In nineteenth-century theaters, professional applauders would enter early, sit scattered through the house, and act on signal. One form of coordination was especially blatant: half the people applauded while the other half hushed, covering the singer’s breath change. The sustained note the audience heard did not break; the body onstage had already been patched once by other people’s voices.

This is more awkward than fake applause. Fakery at least remains within the question of true or false; this kind of response has already reached inside the performance, stitching up a break on someone else’s behalf. It can make a body appear more complete, and it can also make another body suddenly lose the reception that ought to arrive. The person onstage may not know which hand is arranging her; she will only know that the movement has landed, and no sound around her has caught it.

But refusing to respond is not automatically clean either. What Adam Goodes ran into before each touch of the ball was not one person’s opposition, but a layer of booing described as white noise. Each person handed over only a little sound, yet together it acquired a direction. No one person needed to stand up and say this is mine, but the person on the field had to receive it again and again.

At this point, withdrawal no longer naturally resembles honesty.
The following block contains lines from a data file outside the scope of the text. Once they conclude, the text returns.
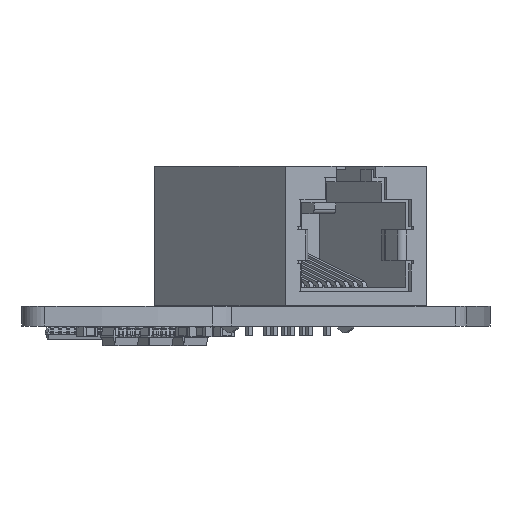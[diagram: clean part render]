
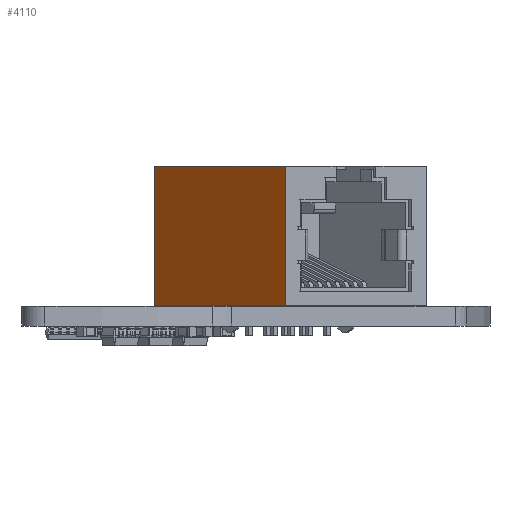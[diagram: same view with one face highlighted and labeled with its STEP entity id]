
A CAD part, left-side view. The second image highlights one B-rep face of the part: STEP entity #4110.
In plain terms, the highlighted face is planar.
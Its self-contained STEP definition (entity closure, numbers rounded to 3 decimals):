
#129 = PLANE('',#130);
#130 = AXIS2_PLACEMENT_3D('',#131,#132,#133);
#131 = CARTESIAN_POINT('',(8.09,-5.65,0.));
#132 = DIRECTION('',(0.,-1.,0.));
#133 = DIRECTION('',(0.,0.,-1.));
#1765 = VERTEX_POINT('',#1766);
#1766 = CARTESIAN_POINT('',(-8.09,-5.65,0.));
#1780 = PLANE('',#1781);
#1781 = AXIS2_PLACEMENT_3D('',#1782,#1783,#1784);
#1782 = CARTESIAN_POINT('',(0.,0.,0.));
#1783 = DIRECTION('',(0.,0.,-1.));
#1784 = DIRECTION('',(-1.,0.,0.));
#1792 = EDGE_CURVE('',#1765,#1793,#1795,.T.);
#1793 = VERTEX_POINT('',#1794);
#1794 = CARTESIAN_POINT('',(-8.09,-5.65,-15.));
#1795 = SURFACE_CURVE('',#1796,(#1800,#1807),.PCURVE_S1.);
#1796 = LINE('',#1797,#1798);
#1797 = CARTESIAN_POINT('',(-8.09,-5.65,0.));
#1798 = VECTOR('',#1799,1.);
#1799 = DIRECTION('',(0.,0.,-1.));
#1800 = PCURVE('',#129,#1801);
#1801 = DEFINITIONAL_REPRESENTATION('',(#1802),#1806);
#1802 = LINE('',#1803,#1804);
#1803 = CARTESIAN_POINT('',(0.,-16.18));
#1804 = VECTOR('',#1805,1.);
#1805 = DIRECTION('',(1.,0.));
#1806 = ( GEOMETRIC_REPRESENTATION_CONTEXT(2) 
PARAMETRIC_REPRESENTATION_CONTEXT() REPRESENTATION_CONTEXT('2D SPACE',''
  ) );
#1807 = PCURVE('',#1808,#1813);
#1808 = PLANE('',#1809);
#1809 = AXIS2_PLACEMENT_3D('',#1810,#1811,#1812);
#1810 = CARTESIAN_POINT('',(-8.09,-5.65,0.));
#1811 = DIRECTION('',(-1.,0.,0.));
#1812 = DIRECTION('',(0.,0.,1.));
#1813 = DEFINITIONAL_REPRESENTATION('',(#1814),#1818);
#1814 = LINE('',#1815,#1816);
#1815 = CARTESIAN_POINT('',(0.,0.));
#1816 = VECTOR('',#1817,1.);
#1817 = DIRECTION('',(-1.,0.));
#1818 = ( GEOMETRIC_REPRESENTATION_CONTEXT(2) 
PARAMETRIC_REPRESENTATION_CONTEXT() REPRESENTATION_CONTEXT('2D SPACE',''
  ) );
#1834 = PLANE('',#1835);
#1835 = AXIS2_PLACEMENT_3D('',#1836,#1837,#1838);
#1836 = CARTESIAN_POINT('',(0.,0.,-15.));
#1837 = DIRECTION('',(0.,0.,-1.));
#1838 = DIRECTION('',(-1.,0.,0.));
#3459 = PLANE('',#3460);
#3460 = AXIS2_PLACEMENT_3D('',#3461,#3462,#3463);
#3461 = CARTESIAN_POINT('',(-8.09,5.65,0.));
#3462 = DIRECTION('',(0.,1.,0.));
#3463 = DIRECTION('',(0.,0.,1.));
#3493 = EDGE_CURVE('',#1765,#3494,#3496,.T.);
#3494 = VERTEX_POINT('',#3495);
#3495 = CARTESIAN_POINT('',(-8.09,5.65,0.));
#3496 = SURFACE_CURVE('',#3497,(#3501,#3508),.PCURVE_S1.);
#3497 = LINE('',#3498,#3499);
#3498 = CARTESIAN_POINT('',(-8.09,0.,0.));
#3499 = VECTOR('',#3500,1.);
#3500 = DIRECTION('',(0.,1.,0.));
#3501 = PCURVE('',#1780,#3502);
#3502 = DEFINITIONAL_REPRESENTATION('',(#3503),#3507);
#3503 = LINE('',#3504,#3505);
#3504 = CARTESIAN_POINT('',(8.09,0.));
#3505 = VECTOR('',#3506,1.);
#3506 = DIRECTION('',(0.,1.));
#3507 = ( GEOMETRIC_REPRESENTATION_CONTEXT(2) 
PARAMETRIC_REPRESENTATION_CONTEXT() REPRESENTATION_CONTEXT('2D SPACE',''
  ) );
#3508 = PCURVE('',#1808,#3509);
#3509 = DEFINITIONAL_REPRESENTATION('',(#3510),#3514);
#3510 = LINE('',#3511,#3512);
#3511 = CARTESIAN_POINT('',(0.,5.65));
#3512 = VECTOR('',#3513,1.);
#3513 = DIRECTION('',(0.,1.));
#3514 = ( GEOMETRIC_REPRESENTATION_CONTEXT(2) 
PARAMETRIC_REPRESENTATION_CONTEXT() REPRESENTATION_CONTEXT('2D SPACE',''
  ) );
#4066 = EDGE_CURVE('',#1793,#4067,#4069,.T.);
#4067 = VERTEX_POINT('',#4068);
#4068 = CARTESIAN_POINT('',(-8.09,5.65,-15.));
#4069 = SURFACE_CURVE('',#4070,(#4074,#4081),.PCURVE_S1.);
#4070 = LINE('',#4071,#4072);
#4071 = CARTESIAN_POINT('',(-8.09,0.,-15.));
#4072 = VECTOR('',#4073,1.);
#4073 = DIRECTION('',(0.,1.,0.));
#4074 = PCURVE('',#1834,#4075);
#4075 = DEFINITIONAL_REPRESENTATION('',(#4076),#4080);
#4076 = LINE('',#4077,#4078);
#4077 = CARTESIAN_POINT('',(8.09,0.));
#4078 = VECTOR('',#4079,1.);
#4079 = DIRECTION('',(0.,1.));
#4080 = ( GEOMETRIC_REPRESENTATION_CONTEXT(2) 
PARAMETRIC_REPRESENTATION_CONTEXT() REPRESENTATION_CONTEXT('2D SPACE',''
  ) );
#4081 = PCURVE('',#1808,#4082);
#4082 = DEFINITIONAL_REPRESENTATION('',(#4083),#4087);
#4083 = LINE('',#4084,#4085);
#4084 = CARTESIAN_POINT('',(-15.,5.65));
#4085 = VECTOR('',#4086,1.);
#4086 = DIRECTION('',(0.,1.));
#4087 = ( GEOMETRIC_REPRESENTATION_CONTEXT(2) 
PARAMETRIC_REPRESENTATION_CONTEXT() REPRESENTATION_CONTEXT('2D SPACE',''
  ) );
#4110 = ADVANCED_FACE('',(#4111),#1808,.T.);
#4111 = FACE_BOUND('',#4112,.T.);
#4112 = EDGE_LOOP('',(#4113,#4114,#4115,#4136));
#4113 = ORIENTED_EDGE('',*,*,#1792,.F.);
#4114 = ORIENTED_EDGE('',*,*,#3493,.T.);
#4115 = ORIENTED_EDGE('',*,*,#4116,.T.);
#4116 = EDGE_CURVE('',#3494,#4067,#4117,.T.);
#4117 = SURFACE_CURVE('',#4118,(#4122,#4129),.PCURVE_S1.);
#4118 = LINE('',#4119,#4120);
#4119 = CARTESIAN_POINT('',(-8.09,5.65,0.));
#4120 = VECTOR('',#4121,1.);
#4121 = DIRECTION('',(0.,0.,-1.));
#4122 = PCURVE('',#1808,#4123);
#4123 = DEFINITIONAL_REPRESENTATION('',(#4124),#4128);
#4124 = LINE('',#4125,#4126);
#4125 = CARTESIAN_POINT('',(0.,11.3));
#4126 = VECTOR('',#4127,1.);
#4127 = DIRECTION('',(-1.,0.));
#4128 = ( GEOMETRIC_REPRESENTATION_CONTEXT(2) 
PARAMETRIC_REPRESENTATION_CONTEXT() REPRESENTATION_CONTEXT('2D SPACE',''
  ) );
#4129 = PCURVE('',#3459,#4130);
#4130 = DEFINITIONAL_REPRESENTATION('',(#4131),#4135);
#4131 = LINE('',#4132,#4133);
#4132 = CARTESIAN_POINT('',(0.,0.));
#4133 = VECTOR('',#4134,1.);
#4134 = DIRECTION('',(-1.,0.));
#4135 = ( GEOMETRIC_REPRESENTATION_CONTEXT(2) 
PARAMETRIC_REPRESENTATION_CONTEXT() REPRESENTATION_CONTEXT('2D SPACE',''
  ) );
#4136 = ORIENTED_EDGE('',*,*,#4066,.F.);

Palms can patch holes for others, and they can also hide oneself; the lightest bit of sound, when it lands at the other end, is not necessarily light. It has combined once in the air, and gone over bearing a direction.

In another venue, that round of applause is still going. Palms ache, the elderly gasp for breath, but no one is willing to become the first person to stop. The applause has grown dull. He lowers his hands a little, then raises them again; the person beside him is still clapping.